If GTA V had the traffic system of say, Cities: Skylines, you'd have a point. Otherwise, there is nothing speculator about the way traffic is handled in Grand Theft Auto games. There is not much "simulating" going on there. Follow pre-determined path -> if a jam is created (or there is a red light): stop, is pretty much the scope of it. 

The illusion of it complexity is created by the diversity in assets, locales, and the large scale of it all. 

 

 

heh you are the first person i heard say this, even a developer who is a huge nintendo fan BTW, say's other wise.
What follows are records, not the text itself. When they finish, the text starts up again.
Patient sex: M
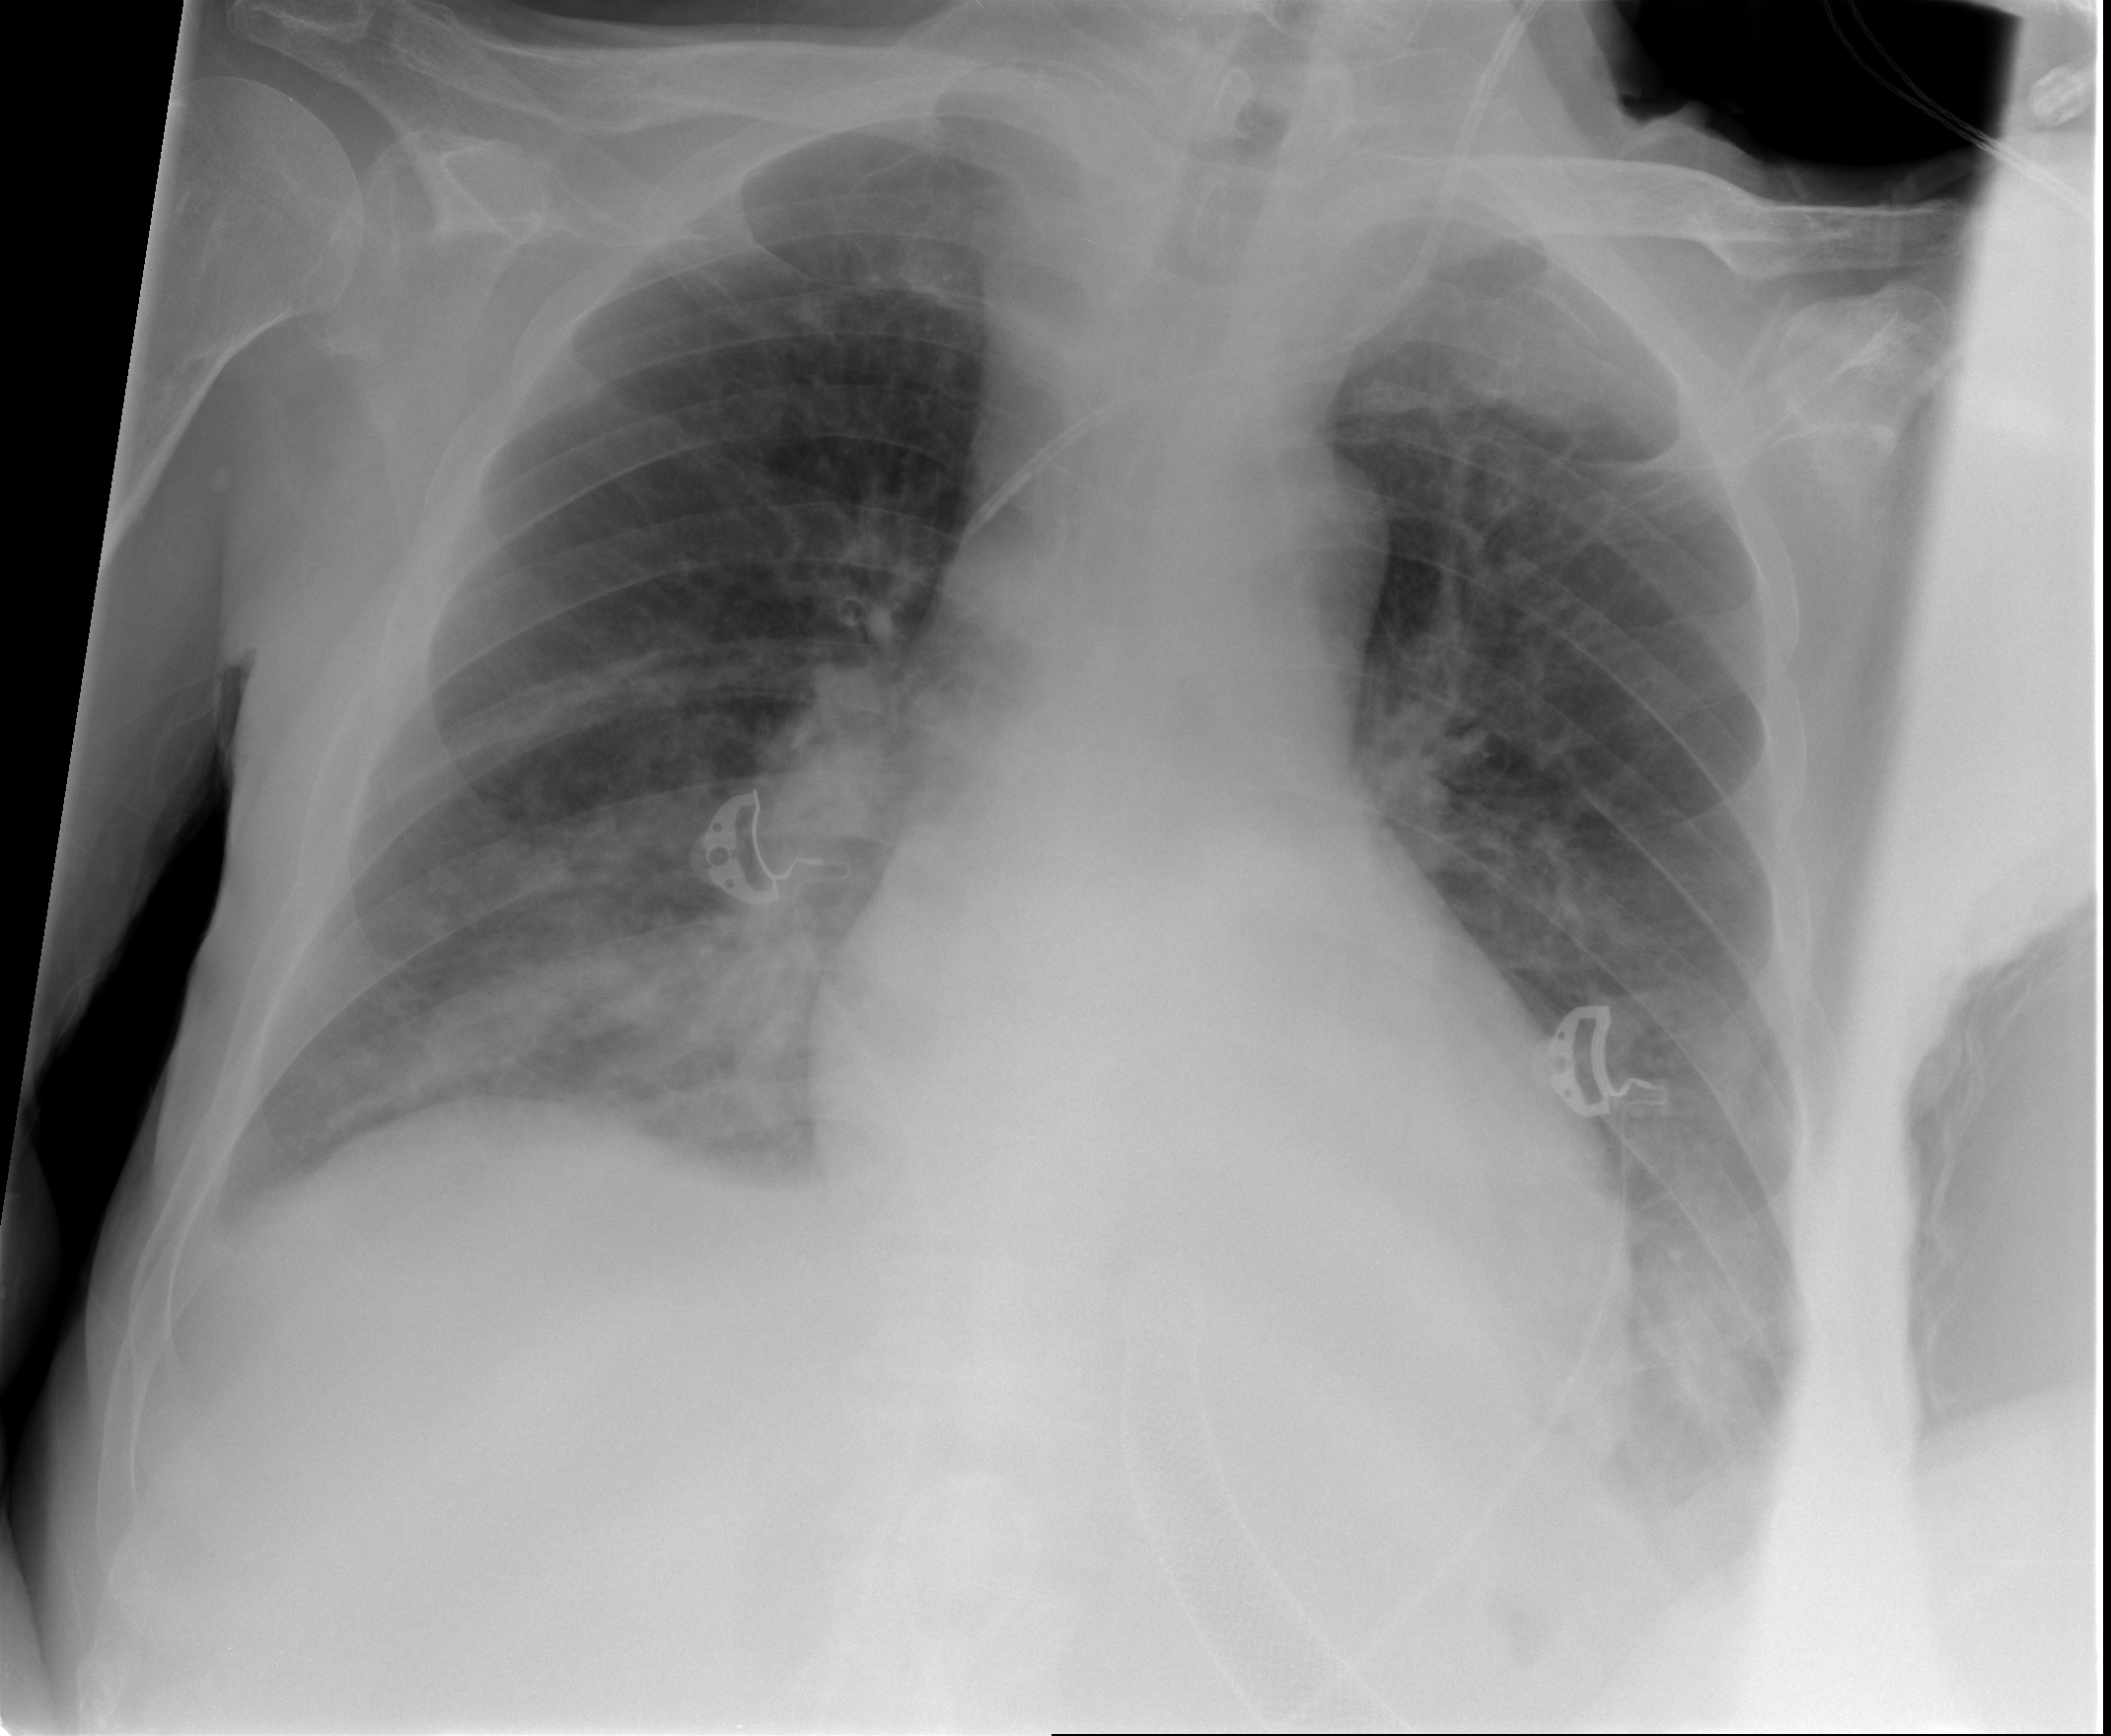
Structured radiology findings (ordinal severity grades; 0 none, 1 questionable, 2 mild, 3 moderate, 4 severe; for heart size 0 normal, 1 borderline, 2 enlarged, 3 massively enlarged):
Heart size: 0
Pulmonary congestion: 0
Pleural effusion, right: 0
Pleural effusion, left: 2
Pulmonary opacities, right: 3
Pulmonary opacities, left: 0
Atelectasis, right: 0
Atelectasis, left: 0
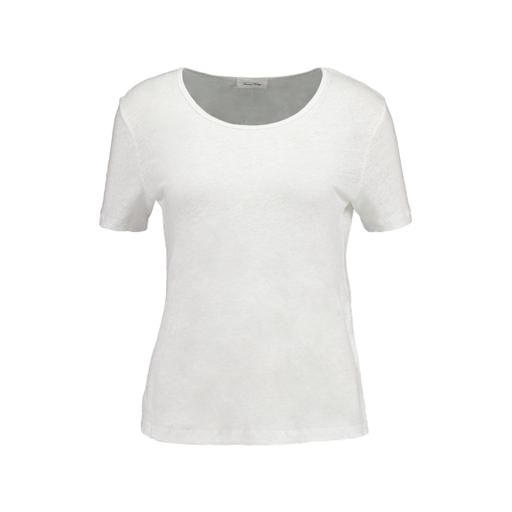
white pima t-shirt only macy, white raw-edge scoop-neck top only macy, white petite t-shirt only macy, white background
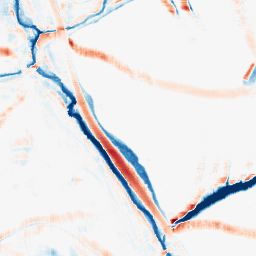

I mean just look at zelda on wiiu when it goes in karoki forest it doesn't have nearly as much as going as GTAV, yet its start running at 20fps, here is whattaht developer said in regards to GTAV port on switch, and switch has a much better cpu then WII u.

"GTA5 has lots of simulated people and lots of cars and lots of other simulated systems running concurrently. The city feels alive. PS2 would never been able to achieve that. Last gen console versions had much less cars and people on the streets. You can't really simulate rush hour traffic without being able to simulate enough cars. Highways simply don't have enough cars in the last gen version to cause traffic jams. The city feels less alive. 

Haven't got experience from Switch, but 3x ARM cores are likely a significant downgrade compared to 7x x64 cores for this kind of highly parallel city simulation workload."